● **AIM OF THE TASK**
Among the lines below, which ones contain the word "height"? Copy every such line.

● **Source records**
= Beginning of Section =

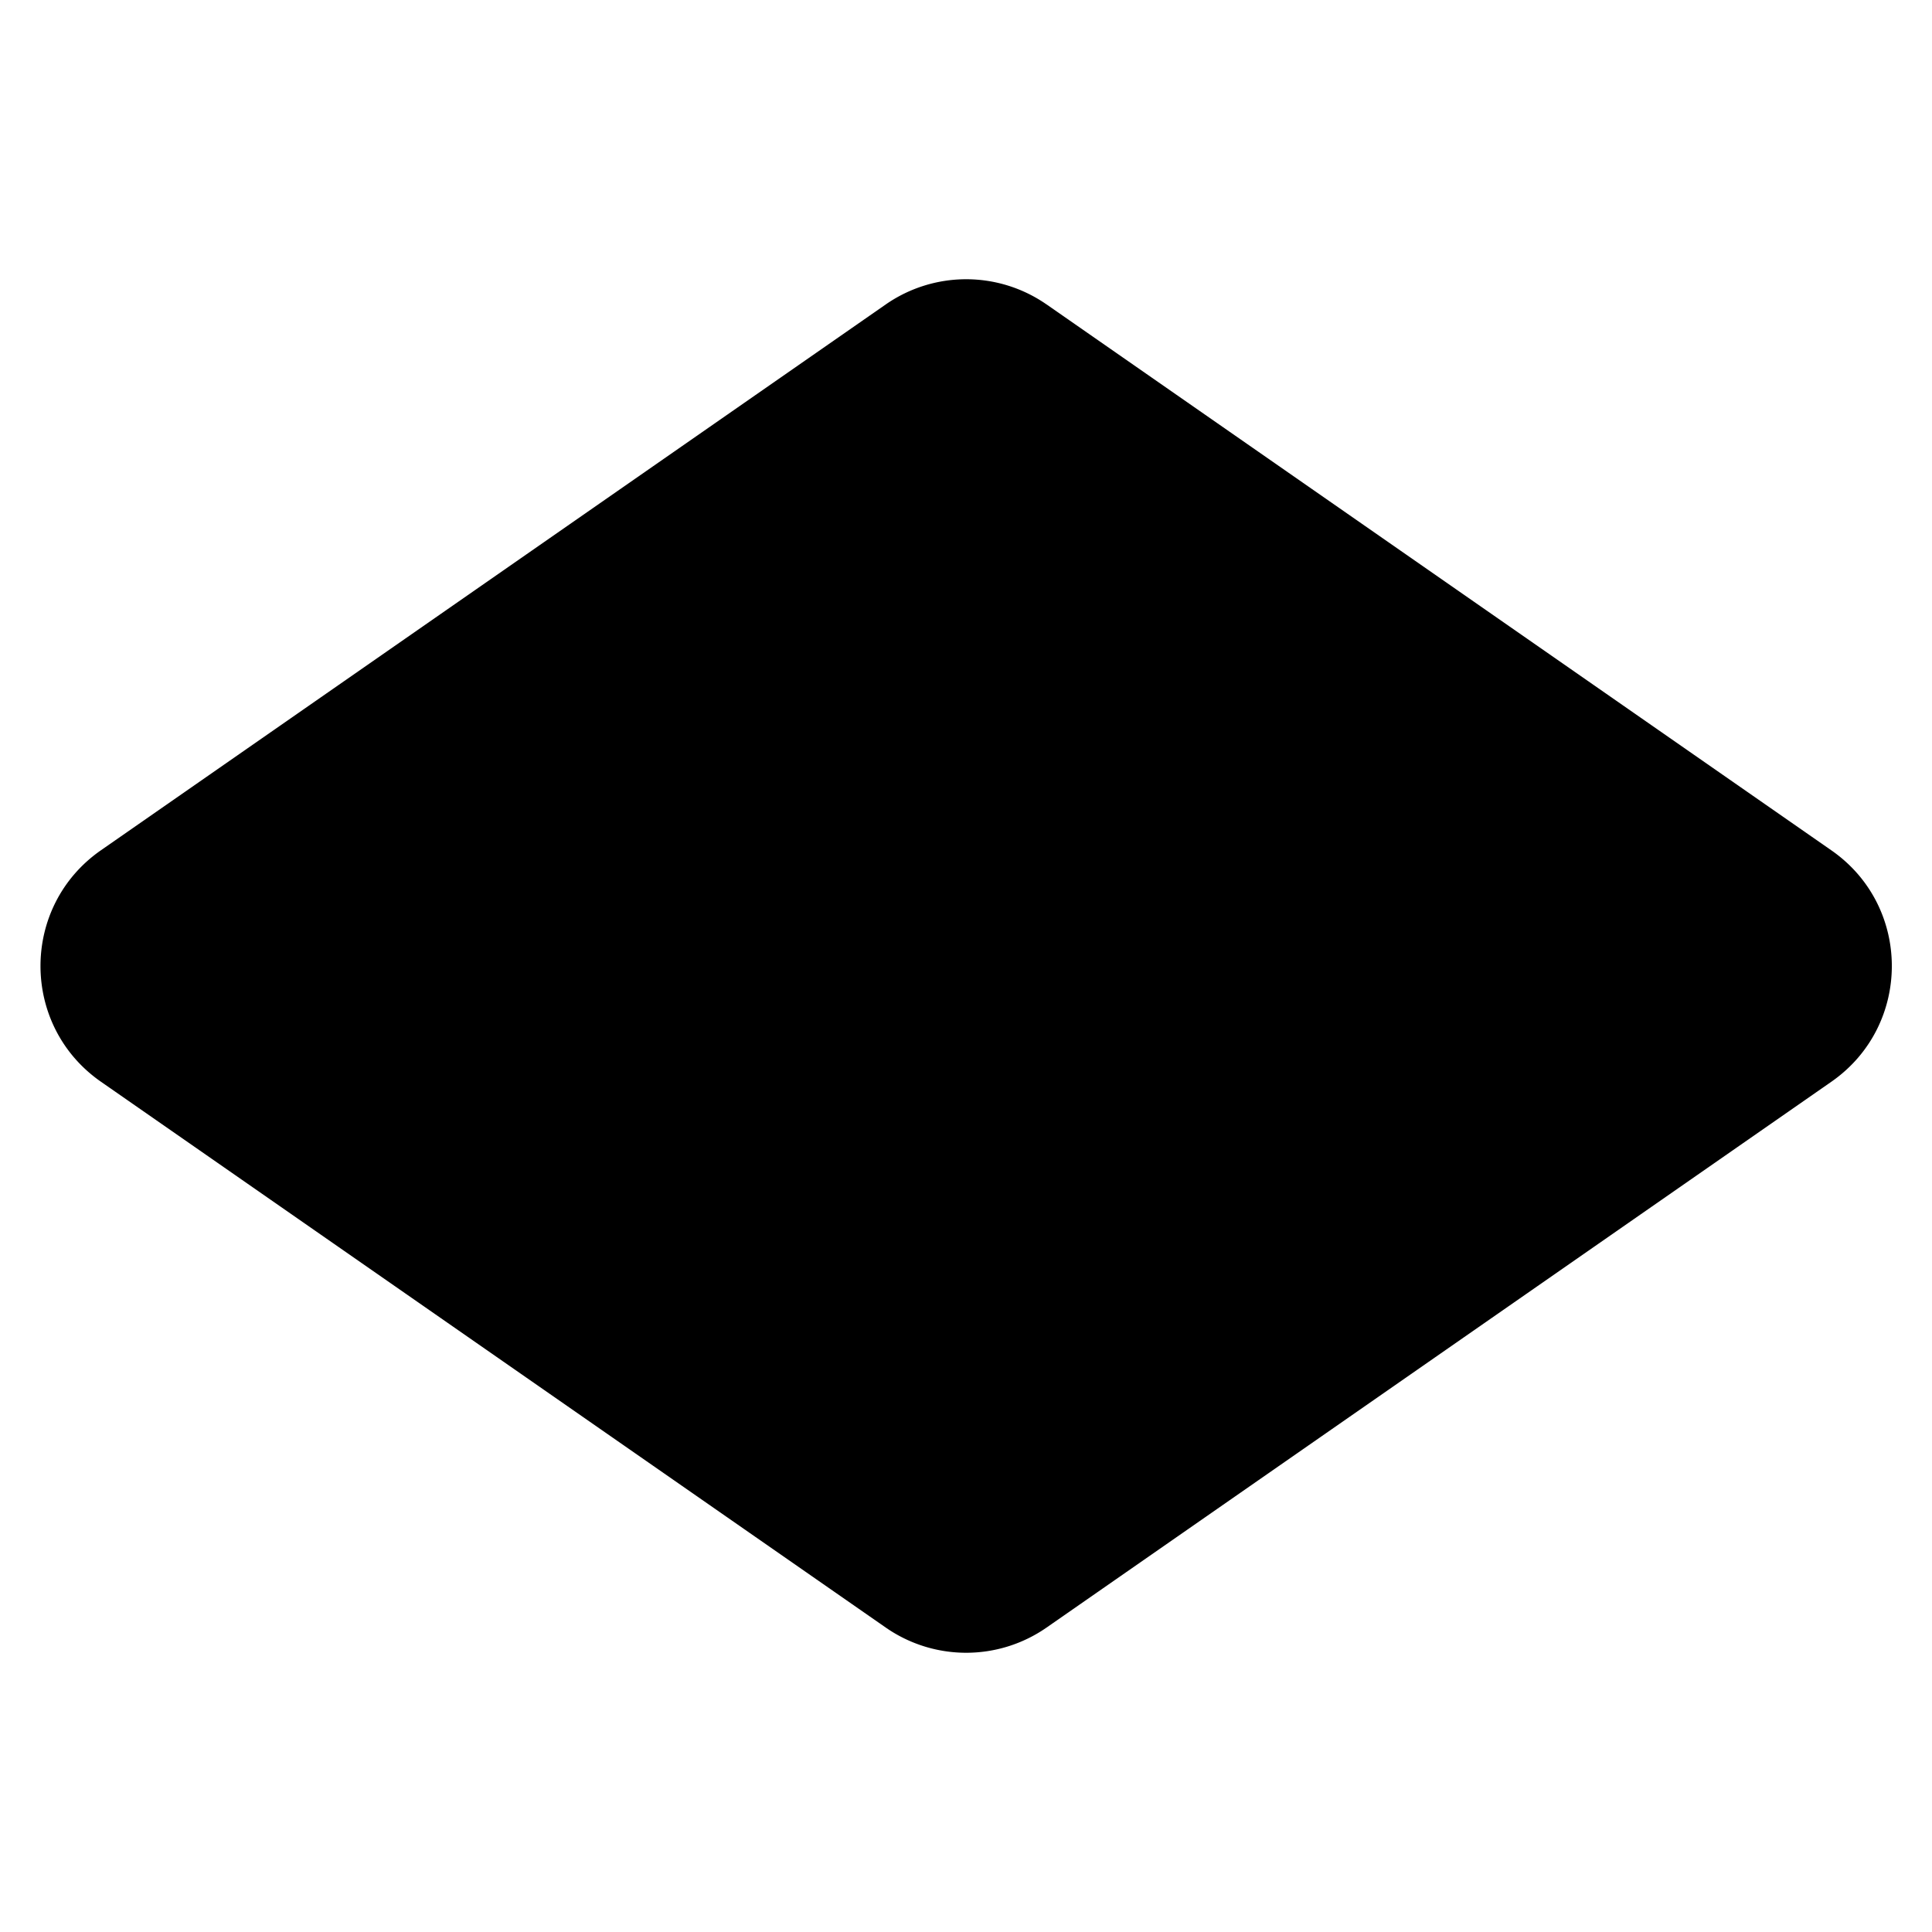<svg xmlns="http://www.w3.org/2000/svg" fill="none" viewBox="0 0 24 24"><path fill="#000000" fill-rule="evenodd" d="M13.001 3.782a1.75 1.75 0 0 0 -1.998 0l-9.75 6.781c-1 0.697 -1 2.177 0 2.874l9.75 6.781a1.75 1.75 0 0 0 1.998 0l9.75 -6.781c1 -0.697 1 -2.177 0 -2.873L13 3.781Z" clip-rule="evenodd" stroke-width="1"></path></svg>
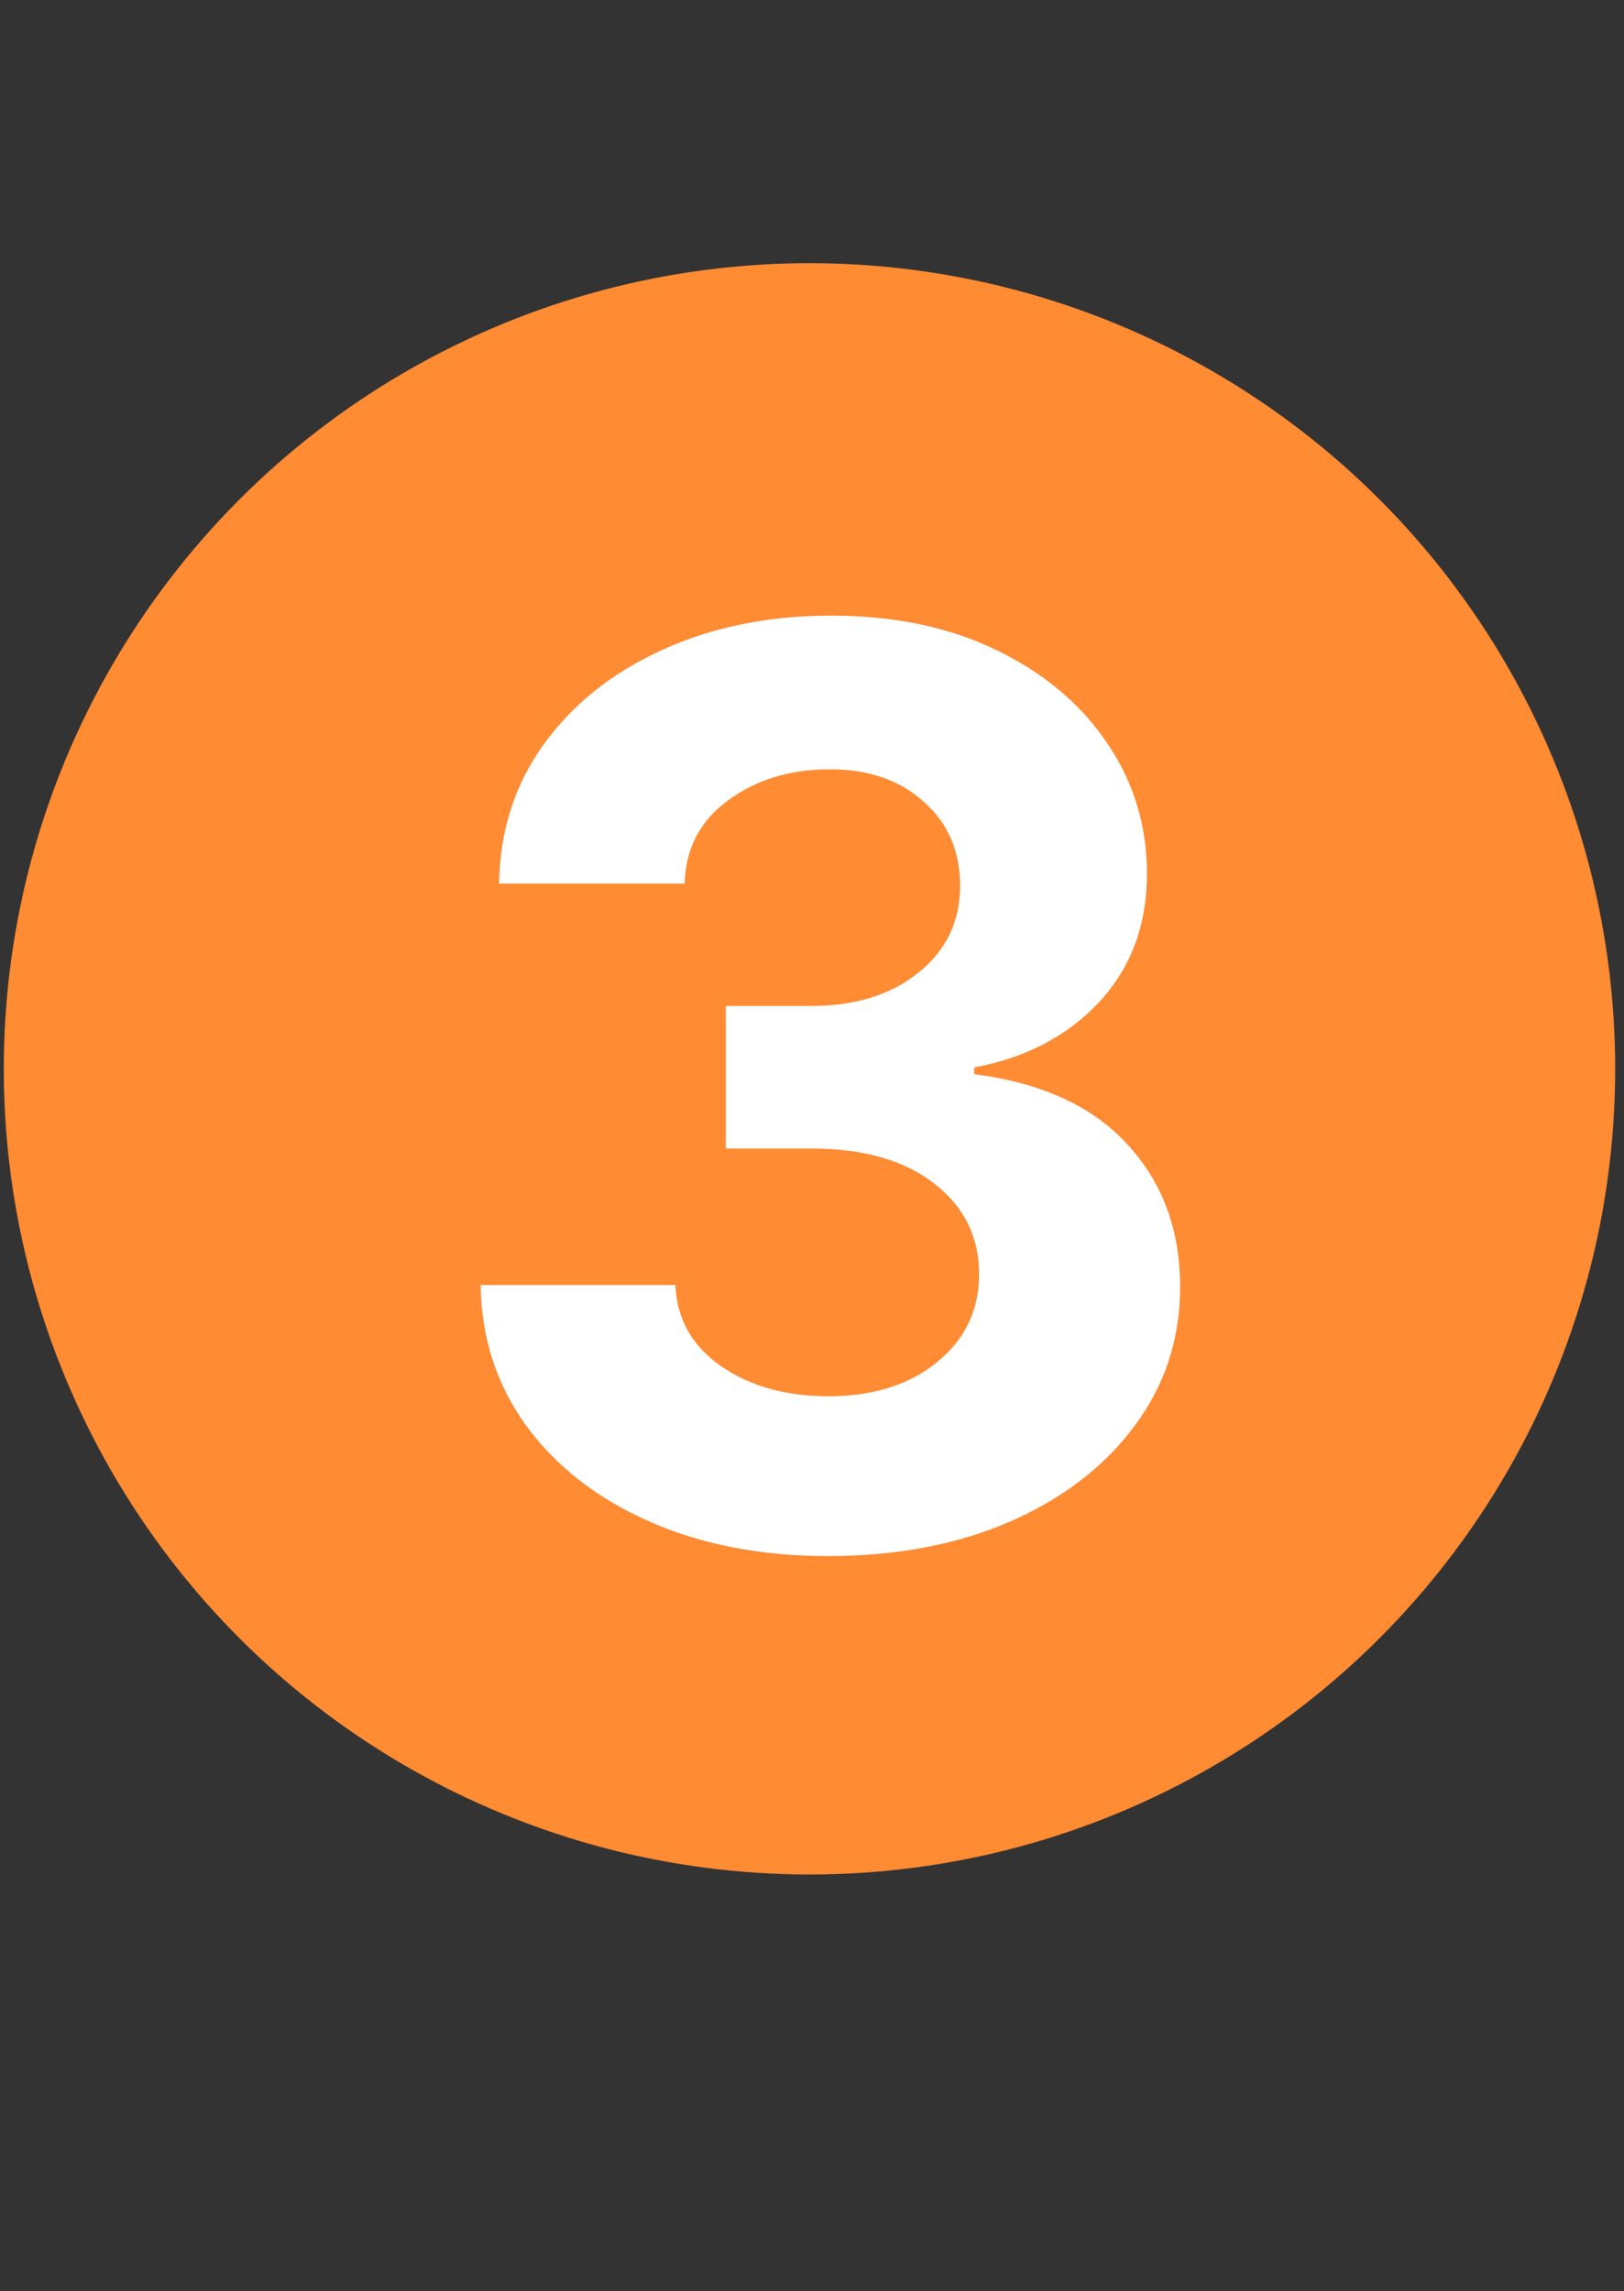 <?xml version="1.0" encoding="UTF-8"?>
<svg xmlns="http://www.w3.org/2000/svg" width="129" height="182" viewBox="0 0 129 182" fill="none">
  <rect x="0" y="0" width="129" height="182" fill="#333333" stroke="none"/>
  <circle cx="64.3" cy="84.907" r="64" fill="#FF8B33"></circle>
  <path d="M65.764 123.612C60.458 123.612 55.738 122.701 51.603 120.878C47.469 119.055 44.214 116.532 41.838 113.31C39.462 110.054 38.241 106.311 38.176 102.079H53.654C53.752 104.748 54.956 106.897 57.268 108.524C59.579 110.119 62.427 110.917 65.812 110.917C69.328 110.917 72.193 110.022 74.406 108.231C76.652 106.409 77.775 104.065 77.775 101.2C77.775 98.27 76.587 95.878 74.211 94.022C71.835 92.167 68.579 91.239 64.445 91.239H57.658V79.911H64.445C67.928 79.911 70.76 79.032 72.941 77.274C75.155 75.517 76.262 73.205 76.262 70.341C76.262 67.606 75.301 65.393 73.381 63.7C71.493 61.975 69.003 61.112 65.91 61.112C62.753 61.112 60.051 61.942 57.805 63.602C55.591 65.23 54.452 67.427 54.387 70.194H39.641C39.706 65.995 40.894 62.3 43.205 59.11C45.516 55.92 48.641 53.43 52.58 51.64C56.551 49.817 61.027 48.905 66.008 48.905C71.021 48.905 75.399 49.817 79.143 51.64C82.919 53.463 85.848 55.92 87.932 59.013C90.047 62.105 91.106 65.572 91.106 69.413C91.106 73.482 89.836 76.884 87.297 79.618C84.758 82.32 81.454 84.045 77.385 84.794V85.331C82.723 86.015 86.776 87.87 89.543 90.897C92.342 93.925 93.742 97.701 93.742 102.226C93.742 106.36 92.538 110.038 90.129 113.261C87.753 116.483 84.449 119.022 80.217 120.878C76.018 122.701 71.2 123.612 65.764 123.612Z" fill="white"></path>
</svg>

= End of Section =

● **ANSWER BOX**
<svg xmlns="http://www.w3.org/2000/svg" width="129" height="182" viewBox="0 0 129 182" fill="none">
  <rect x="0" y="0" width="129" height="182" fill="#333333" stroke="none"/>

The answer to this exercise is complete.